- _EXERCISE REQUIREMENTS_: Give the number of lines in the records below that hold "filter"; nothing else is needed.

- _DATASET_:
──────────────────────────────

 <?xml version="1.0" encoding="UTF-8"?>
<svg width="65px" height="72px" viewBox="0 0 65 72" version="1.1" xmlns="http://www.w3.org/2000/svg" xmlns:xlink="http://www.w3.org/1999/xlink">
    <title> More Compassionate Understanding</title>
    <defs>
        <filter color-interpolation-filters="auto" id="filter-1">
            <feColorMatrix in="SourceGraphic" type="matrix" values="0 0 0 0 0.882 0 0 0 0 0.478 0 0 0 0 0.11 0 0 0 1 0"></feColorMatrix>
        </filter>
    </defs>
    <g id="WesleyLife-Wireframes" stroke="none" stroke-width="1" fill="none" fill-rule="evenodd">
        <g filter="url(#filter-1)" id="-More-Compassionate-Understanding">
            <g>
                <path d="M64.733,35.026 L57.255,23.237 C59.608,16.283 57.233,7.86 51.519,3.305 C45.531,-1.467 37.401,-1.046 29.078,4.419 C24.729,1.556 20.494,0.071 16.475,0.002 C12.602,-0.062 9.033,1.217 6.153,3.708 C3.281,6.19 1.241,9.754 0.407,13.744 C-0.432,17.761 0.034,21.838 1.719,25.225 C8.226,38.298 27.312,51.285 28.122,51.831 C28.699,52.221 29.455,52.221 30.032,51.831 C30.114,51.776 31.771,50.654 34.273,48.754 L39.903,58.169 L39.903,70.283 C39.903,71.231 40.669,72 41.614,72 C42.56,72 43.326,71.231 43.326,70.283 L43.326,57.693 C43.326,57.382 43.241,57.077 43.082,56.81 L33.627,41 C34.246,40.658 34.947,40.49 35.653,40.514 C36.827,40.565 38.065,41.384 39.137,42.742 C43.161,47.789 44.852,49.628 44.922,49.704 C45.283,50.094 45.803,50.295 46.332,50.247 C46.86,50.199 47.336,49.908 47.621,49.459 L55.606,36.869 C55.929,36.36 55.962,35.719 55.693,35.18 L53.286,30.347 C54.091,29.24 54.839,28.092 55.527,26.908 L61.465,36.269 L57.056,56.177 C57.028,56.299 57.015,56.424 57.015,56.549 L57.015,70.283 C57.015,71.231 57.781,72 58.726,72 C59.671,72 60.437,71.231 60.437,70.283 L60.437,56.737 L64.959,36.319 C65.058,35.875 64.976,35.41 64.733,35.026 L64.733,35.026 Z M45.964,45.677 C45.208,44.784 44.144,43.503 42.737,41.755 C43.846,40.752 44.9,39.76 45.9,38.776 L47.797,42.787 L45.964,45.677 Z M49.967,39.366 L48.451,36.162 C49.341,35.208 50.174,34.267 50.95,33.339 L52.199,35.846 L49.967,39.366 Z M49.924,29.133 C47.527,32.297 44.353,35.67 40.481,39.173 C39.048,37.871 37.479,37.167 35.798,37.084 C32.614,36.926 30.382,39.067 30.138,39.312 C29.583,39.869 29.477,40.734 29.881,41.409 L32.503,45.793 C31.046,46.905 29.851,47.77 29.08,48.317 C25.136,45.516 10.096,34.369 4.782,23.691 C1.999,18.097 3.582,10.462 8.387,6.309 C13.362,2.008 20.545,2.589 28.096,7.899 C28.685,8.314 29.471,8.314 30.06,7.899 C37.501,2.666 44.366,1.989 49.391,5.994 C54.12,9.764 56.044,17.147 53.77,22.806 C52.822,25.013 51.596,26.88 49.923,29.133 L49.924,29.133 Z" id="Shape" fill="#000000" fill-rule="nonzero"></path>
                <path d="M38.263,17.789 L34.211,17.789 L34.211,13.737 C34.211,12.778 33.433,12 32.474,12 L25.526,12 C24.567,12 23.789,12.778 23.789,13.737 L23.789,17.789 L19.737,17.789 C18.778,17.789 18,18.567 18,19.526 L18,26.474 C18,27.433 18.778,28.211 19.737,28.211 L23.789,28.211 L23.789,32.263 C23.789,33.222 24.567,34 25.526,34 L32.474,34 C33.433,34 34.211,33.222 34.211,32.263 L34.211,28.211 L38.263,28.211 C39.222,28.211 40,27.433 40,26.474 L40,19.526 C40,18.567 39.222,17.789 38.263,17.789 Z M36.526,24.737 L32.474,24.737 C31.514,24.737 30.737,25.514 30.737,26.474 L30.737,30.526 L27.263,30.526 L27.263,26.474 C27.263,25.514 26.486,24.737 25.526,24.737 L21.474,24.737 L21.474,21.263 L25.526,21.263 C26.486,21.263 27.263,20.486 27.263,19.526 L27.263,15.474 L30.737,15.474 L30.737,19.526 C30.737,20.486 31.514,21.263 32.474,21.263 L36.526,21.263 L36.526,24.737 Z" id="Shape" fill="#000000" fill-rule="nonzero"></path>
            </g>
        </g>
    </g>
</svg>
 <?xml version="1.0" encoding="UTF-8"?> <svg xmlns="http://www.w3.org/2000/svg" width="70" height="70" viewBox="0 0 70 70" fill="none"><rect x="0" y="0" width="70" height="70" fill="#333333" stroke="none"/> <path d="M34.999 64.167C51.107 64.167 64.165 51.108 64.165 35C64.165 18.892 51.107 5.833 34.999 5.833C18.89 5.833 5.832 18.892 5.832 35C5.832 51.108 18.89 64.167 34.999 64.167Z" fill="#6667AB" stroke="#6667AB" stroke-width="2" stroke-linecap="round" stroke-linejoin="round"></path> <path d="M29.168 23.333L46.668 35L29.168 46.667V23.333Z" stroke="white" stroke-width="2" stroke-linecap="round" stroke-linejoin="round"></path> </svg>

──────────────────────────────

- _RESPONSE FOR THIS EXERCISE_: 3